Shamrocks for Janith wasn’t quite what I expected – I thought it was going to be a Guide story, but it’s pitched rather older. Janith has lost her mother and, through no fault of her own, her job, and so must go over to Northern Ireland to stay with her uncle and his family. Her uncle is taking her in out of duty, which he and his wife rigidly believe in; Janith’s cousin Lorraine is mysterious, but has taken on the rearing of her nephew Brian, because Lorraine’s widowed sister-in-law Olive is a gadfly. As Janith tries to make a place for herself, making friends and finding a way to help her new community and an old friend, she has to face small frustrations and larger dilemmas. If this were a longer review, I’d subject you to a lot of rambling about the handling of its Northern Irish setting, but I’ll just say that if you like EBD and EJO (John Oxenham gets quoted, although for all the talk about God, the Bible doesn’t) you might like this.
I watched Roald Dahl’s Esio Trot, and it was altogether delightful. I must have read the story, because it would have come out when I was in my Dahl phase, but I didn’t remember any of it – I presume a good deal was added to make a feature-length show, anyhow. I loved the look of it, the warm hues, Mr Hoppy’s beautiful garden set off by the improbably always blue London sky, and Judi Dench looking ravishing, as one character put it, as Mrs Silver, the object of Mr Hoppy’s devotion. Hoffman and she are such class acts, but I also very much liked James Corden as the fourth-wall breaking narrator, who was telling the story to us, people on the bus and Roberta, who turned out to be a part of the story. It was funny and touching with its nudge to seize the day, although perhaps 100 tortoises in a flat are a bit too much. A real treat.
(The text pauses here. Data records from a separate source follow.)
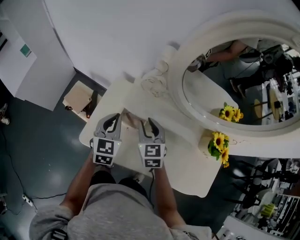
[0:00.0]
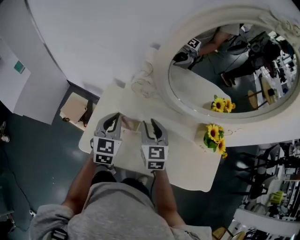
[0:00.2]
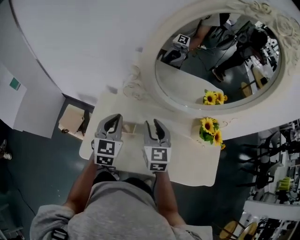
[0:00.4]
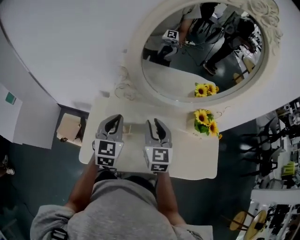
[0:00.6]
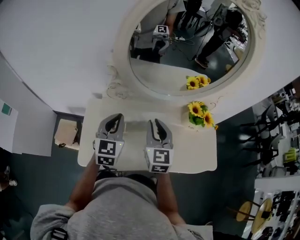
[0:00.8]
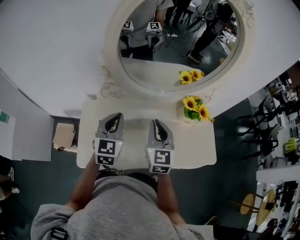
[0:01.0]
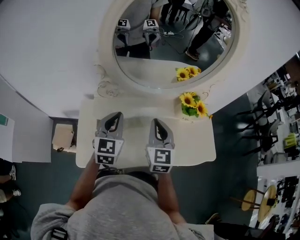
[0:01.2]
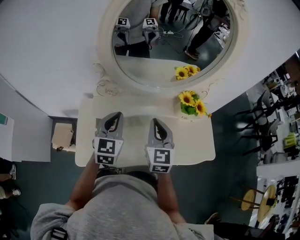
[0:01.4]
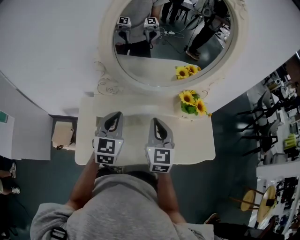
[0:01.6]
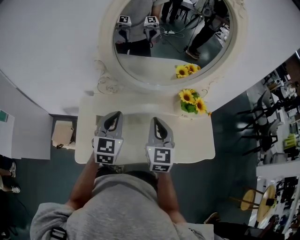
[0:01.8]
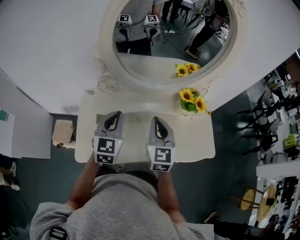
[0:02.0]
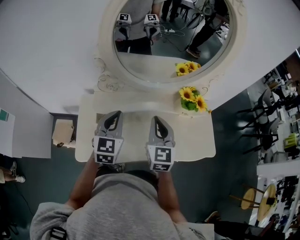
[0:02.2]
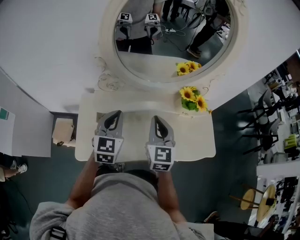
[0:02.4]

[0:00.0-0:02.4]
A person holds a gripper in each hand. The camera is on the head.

I also read Rose Under Fire, the sequel to Code Name Verity, about which I couldn’t write much, but this novel demands some response. Both are shattering, having created vivid, human characters living through extraordinary times. Rose’s book doesn’t quite play the same narrative games, being more or less writings in a book that her friend Maddie has given her, at a time when fancy paper must have been like gold dust. But what happens to Rose Justice, pilot, poet, American Girl Scout and tall seventeen year old after she leaves France and to the girls and women she meets is remarkable and powerfully depicted. This book made me think seriously about the nature of evil.